Tech Visionaries Look to Disrupt Traditional Education, The Move to Make Climate Change a Nonpartisan Issue and More

 
Learn Different, The New Yorker
Brooklyn’s AltSchool is just one of seven “educational ecosystems” (there’s six in the Bay Area as well) that uses technology to create a personalized learning experience for each individual student. The brainchild of Max Ventilla, an entrepreneur and former Google employee, AltSchool aims to turn education on its head: teaching skills that are applicable to the 21st century workplace instead of the memorization of facts — creating an educational model grounded in Silicon Valley values. But can be replicated in existing public schools nationwide?
Can a GOP Donor Get Conservatives to Fight Climate Change?, CityLab
What can get politicians to put partisan bickering aside? North Carolina businessman Jay Faison is bringing congressional candidates from both sides of the aisle together to support clean energy initiatives, arguing that these policies (which are notoriously used to drive a wedge between the left and the right) increase jobs and energy independence, while also reducing carbon pollution.
Government Goes Agile, Stanford Social Innovation Review
Bringing the federal government into the digital age doesn’t have to increase the deficit — or be as disastrous as the rollout of HealthCare.gov. Implementing the commonly-used tech practice of agile development, groups like the United States Digital Services and 18F are giving citizens frustration-free, web-based opportunities to interact with their government for a fraction of the cost.

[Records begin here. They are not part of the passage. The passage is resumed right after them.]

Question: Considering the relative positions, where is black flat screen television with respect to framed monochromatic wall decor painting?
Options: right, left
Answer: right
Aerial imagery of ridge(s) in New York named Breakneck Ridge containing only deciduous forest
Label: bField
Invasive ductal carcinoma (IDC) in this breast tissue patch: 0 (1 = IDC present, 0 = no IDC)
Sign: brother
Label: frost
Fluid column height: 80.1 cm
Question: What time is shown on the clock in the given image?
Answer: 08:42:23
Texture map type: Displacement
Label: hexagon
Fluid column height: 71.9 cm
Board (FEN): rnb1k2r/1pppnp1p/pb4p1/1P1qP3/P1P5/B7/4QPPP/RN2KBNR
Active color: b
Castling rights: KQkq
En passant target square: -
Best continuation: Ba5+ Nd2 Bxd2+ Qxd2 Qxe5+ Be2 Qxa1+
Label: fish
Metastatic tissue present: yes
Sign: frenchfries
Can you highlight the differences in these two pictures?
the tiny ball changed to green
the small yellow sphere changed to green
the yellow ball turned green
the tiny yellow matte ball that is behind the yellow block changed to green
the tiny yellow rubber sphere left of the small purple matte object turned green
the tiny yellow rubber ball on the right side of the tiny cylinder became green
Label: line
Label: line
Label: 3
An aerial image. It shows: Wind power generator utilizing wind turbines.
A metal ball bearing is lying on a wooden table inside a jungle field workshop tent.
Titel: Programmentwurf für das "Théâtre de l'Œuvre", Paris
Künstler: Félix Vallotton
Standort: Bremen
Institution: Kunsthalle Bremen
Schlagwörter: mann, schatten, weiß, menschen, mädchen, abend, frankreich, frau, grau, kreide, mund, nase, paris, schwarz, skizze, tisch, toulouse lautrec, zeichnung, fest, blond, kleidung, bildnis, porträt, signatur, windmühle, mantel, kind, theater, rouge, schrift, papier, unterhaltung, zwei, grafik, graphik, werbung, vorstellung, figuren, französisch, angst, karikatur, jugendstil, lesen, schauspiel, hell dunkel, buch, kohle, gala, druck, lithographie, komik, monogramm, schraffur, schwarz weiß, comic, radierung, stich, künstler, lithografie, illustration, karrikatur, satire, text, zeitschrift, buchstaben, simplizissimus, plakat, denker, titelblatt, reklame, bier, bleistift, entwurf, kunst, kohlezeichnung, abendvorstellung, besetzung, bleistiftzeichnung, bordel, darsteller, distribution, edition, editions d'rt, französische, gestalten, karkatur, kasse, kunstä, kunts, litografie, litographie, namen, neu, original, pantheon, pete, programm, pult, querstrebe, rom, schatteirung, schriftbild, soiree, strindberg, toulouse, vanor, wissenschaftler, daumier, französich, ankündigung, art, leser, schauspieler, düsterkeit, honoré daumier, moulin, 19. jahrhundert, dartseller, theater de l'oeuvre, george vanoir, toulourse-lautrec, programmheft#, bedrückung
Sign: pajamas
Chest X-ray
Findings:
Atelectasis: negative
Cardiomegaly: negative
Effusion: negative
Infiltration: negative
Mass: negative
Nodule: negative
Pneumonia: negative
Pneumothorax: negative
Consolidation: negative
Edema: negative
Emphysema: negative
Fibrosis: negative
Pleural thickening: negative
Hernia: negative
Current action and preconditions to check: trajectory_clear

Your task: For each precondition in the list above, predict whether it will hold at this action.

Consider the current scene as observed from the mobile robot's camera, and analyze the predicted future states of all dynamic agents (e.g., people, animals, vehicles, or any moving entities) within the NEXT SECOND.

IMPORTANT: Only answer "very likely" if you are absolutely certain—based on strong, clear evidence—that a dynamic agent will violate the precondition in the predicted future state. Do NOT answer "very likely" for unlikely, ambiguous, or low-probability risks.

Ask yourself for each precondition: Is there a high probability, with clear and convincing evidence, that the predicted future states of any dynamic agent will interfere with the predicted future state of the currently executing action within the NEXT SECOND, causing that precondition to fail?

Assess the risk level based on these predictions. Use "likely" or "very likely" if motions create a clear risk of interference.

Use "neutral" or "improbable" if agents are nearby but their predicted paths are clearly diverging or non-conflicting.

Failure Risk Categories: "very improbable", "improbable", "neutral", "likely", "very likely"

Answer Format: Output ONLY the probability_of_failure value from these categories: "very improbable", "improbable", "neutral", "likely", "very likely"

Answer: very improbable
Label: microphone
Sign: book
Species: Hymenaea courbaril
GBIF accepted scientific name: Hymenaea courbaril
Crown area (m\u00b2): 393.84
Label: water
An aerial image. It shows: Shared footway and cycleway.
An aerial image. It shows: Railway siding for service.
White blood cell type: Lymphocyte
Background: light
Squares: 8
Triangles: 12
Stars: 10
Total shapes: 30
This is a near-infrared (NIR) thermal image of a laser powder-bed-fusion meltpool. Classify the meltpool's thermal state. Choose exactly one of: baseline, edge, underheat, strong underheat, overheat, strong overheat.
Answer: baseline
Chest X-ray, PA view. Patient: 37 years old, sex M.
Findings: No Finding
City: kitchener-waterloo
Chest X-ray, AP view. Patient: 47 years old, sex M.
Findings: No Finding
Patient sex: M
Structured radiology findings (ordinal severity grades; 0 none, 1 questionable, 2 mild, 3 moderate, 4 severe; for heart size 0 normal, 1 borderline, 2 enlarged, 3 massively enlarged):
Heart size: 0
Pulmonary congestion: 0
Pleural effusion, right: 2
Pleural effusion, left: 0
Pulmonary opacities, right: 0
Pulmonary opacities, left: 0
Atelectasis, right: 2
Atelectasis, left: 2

Wrongful Conviction Spurs Texas to Reform Police Lineups, Scientist Discovers Efficient Way to Restore Coral Reefs and More



Recognition, The New Yorker
Texas has the reputation of being tough on crime and even harsher on those found guilty. For those who binged Netflix’s recent “Making a Murderer,” the tale of Tim Cole, an Army veteran who, because of incorrect eyewitness identification by the victim herself, was wrongfully convicted of sexual assault in 1986 (and died while incarcerated), will make it seem like our criminal justice system is broken. Fortunately, there is a silver lining to this tragic story.
This Village of Tiny Houses Is Giving Seattle’s Homeless a Place to Live, Fast Co. Exist
With approximately 10,000 people living on the streets, it’s an understatement to say that there’s a homelessness crisis happening in Seattle. Since affordable and free housing for the homeless is a costly endeavor, the nonprofit Low Income Housing Institute needed to get creative. Their idea? Tiny houses that can house a small family, yet cost just $2,000 to construct.
A Coral Reef Revival, The Atlantic
Helping a century’s old coral reef come back to life certainly sounds like science fiction, but it’s exactly what David Vaughan, Ph.D., is doing off the coast of south Florida. He and his team of scientists are restoring reefs by producing thousands of new pieces of coral using microfragmentation — a new process that he developed by accident.